What needs to be done: Leave every picture out and return the rest of the listing verbatim.
[[ Supplied records, beginning ]]
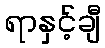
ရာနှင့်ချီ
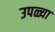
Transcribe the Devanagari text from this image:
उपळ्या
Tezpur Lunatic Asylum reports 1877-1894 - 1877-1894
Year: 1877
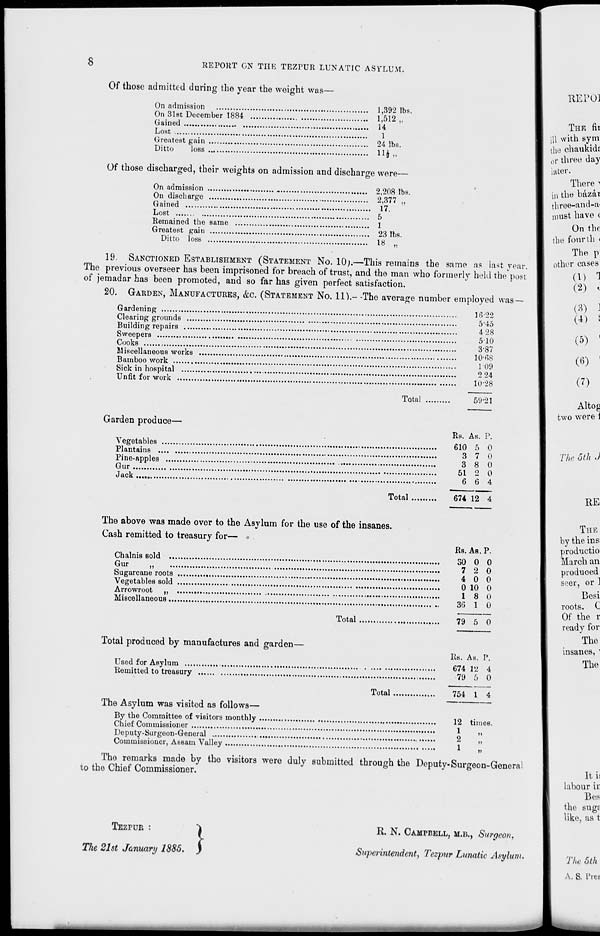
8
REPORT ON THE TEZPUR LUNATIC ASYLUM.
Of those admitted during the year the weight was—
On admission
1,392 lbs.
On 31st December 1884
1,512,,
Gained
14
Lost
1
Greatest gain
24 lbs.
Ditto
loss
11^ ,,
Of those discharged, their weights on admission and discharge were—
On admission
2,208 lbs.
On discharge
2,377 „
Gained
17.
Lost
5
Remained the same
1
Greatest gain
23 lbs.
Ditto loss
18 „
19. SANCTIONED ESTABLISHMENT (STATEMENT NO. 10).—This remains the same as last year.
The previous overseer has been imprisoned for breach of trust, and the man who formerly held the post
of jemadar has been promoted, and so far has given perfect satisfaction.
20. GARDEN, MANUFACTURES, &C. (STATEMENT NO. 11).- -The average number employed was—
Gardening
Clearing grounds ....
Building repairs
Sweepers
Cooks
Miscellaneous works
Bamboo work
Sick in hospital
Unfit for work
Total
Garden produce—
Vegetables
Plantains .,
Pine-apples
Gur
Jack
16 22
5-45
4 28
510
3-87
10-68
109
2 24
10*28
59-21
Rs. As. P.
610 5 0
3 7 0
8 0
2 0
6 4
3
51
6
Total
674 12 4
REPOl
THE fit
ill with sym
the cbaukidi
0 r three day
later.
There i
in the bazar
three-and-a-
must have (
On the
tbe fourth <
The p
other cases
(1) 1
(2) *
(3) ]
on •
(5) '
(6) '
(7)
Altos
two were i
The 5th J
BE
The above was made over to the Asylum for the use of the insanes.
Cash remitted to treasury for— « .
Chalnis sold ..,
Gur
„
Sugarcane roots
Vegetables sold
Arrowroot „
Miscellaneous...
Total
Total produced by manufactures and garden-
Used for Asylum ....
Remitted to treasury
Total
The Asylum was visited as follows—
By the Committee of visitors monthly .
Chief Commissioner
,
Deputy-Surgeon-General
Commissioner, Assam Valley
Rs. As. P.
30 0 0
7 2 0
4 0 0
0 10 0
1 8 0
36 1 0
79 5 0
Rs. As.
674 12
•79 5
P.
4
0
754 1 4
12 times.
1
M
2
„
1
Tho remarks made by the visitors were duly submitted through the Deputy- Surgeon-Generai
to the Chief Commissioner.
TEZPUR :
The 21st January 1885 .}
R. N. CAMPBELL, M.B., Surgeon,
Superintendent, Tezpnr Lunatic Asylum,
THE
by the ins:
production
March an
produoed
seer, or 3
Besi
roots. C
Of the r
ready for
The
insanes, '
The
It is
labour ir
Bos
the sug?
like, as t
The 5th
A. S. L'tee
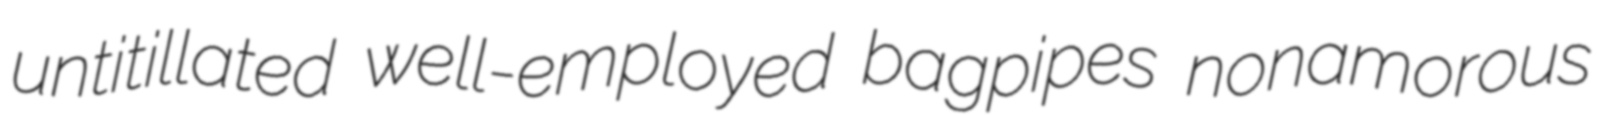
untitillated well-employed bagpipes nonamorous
[[ Supplied records, end ]]
Problem solution:
ရာနှင့်ချီ
Transcribe the Devanagari text from this image:
उपळ्या
Tezpur Lunatic Asylum reports 1877-1894 - 1877-1894
Year: 1877
8
REPORT ON THE TEZPUR LUNATIC ASYLUM.
Of those admitted during the year the weight was—
On admission
1,392 lbs.
On 31st December 1884
1,512,,
Gained
14
Lost
1
Greatest gain
24 lbs.
Ditto
loss
11^ ,,
Of those discharged, their weights on admission and discharge were—
On admission
2,208 lbs.
On discharge
2,377 „
Gained
17.
Lost
5
Remained the same
1
Greatest gain
23 lbs.
Ditto loss
18 „
19. SANCTIONED ESTABLISHMENT (STATEMENT NO. 10).—This remains the same as last year.
The previous overseer has been imprisoned for breach of trust, and the man who formerly held the post
of jemadar has been promoted, and so far has given perfect satisfaction.
20. GARDEN, MANUFACTURES, &C. (STATEMENT NO. 11).- -The average number employed was—
Gardening
Clearing grounds ....
Building repairs
Sweepers
Cooks
Miscellaneous works
Bamboo work
Sick in hospital
Unfit for work
Total
Garden produce—
Vegetables
Plantains .,
Pine-apples
Gur
Jack
16 22
5-45
4 28
510
3-87
10-68
109
2 24
10*28
59-21
Rs. As. P.
610 5 0
3 7 0
8 0
2 0
6 4
3
51
6
Total
674 12 4
REPOl
THE fit
ill with sym
the cbaukidi
0 r three day
later.
There i
in the bazar
three-and-a-
must have (
On the
tbe fourth <
The p
other cases
(1) 1
(2) *
(3) ]
on •
(5) '
(6) '
(7)
Altos
two were i
The 5th J
BE
The above was made over to the Asylum for the use of the insanes.
Cash remitted to treasury for— « .
Chalnis sold ..,
Gur
„
Sugarcane roots
Vegetables sold
Arrowroot „
Miscellaneous...
Total
Total produced by manufactures and garden-
Used for Asylum ....
Remitted to treasury
Total
The Asylum was visited as follows—
By the Committee of visitors monthly .
Chief Commissioner
,
Deputy-Surgeon-General
Commissioner, Assam Valley
Rs. As. P.
30 0 0
7 2 0
4 0 0
0 10 0
1 8 0
36 1 0
79 5 0
Rs. As.
674 12
•79 5
P.
4
0
754 1 4
12 times.
1
M
2
„
1
Tho remarks made by the visitors were duly submitted through the Deputy- Surgeon-Generai
to the Chief Commissioner.
TEZPUR :
The 21st January 1885 .}
R. N. CAMPBELL, M.B., Surgeon,
Superintendent, Tezpnr Lunatic Asylum,
THE
by the ins:
production
March an
produoed
seer, or 3
Besi
roots. C
Of the r
ready for
The
insanes, '
The
It is
labour ir
Bos
the sug?
like, as t
The 5th
A. S. L'tee
untitillated well-employed bagpipes nonamorous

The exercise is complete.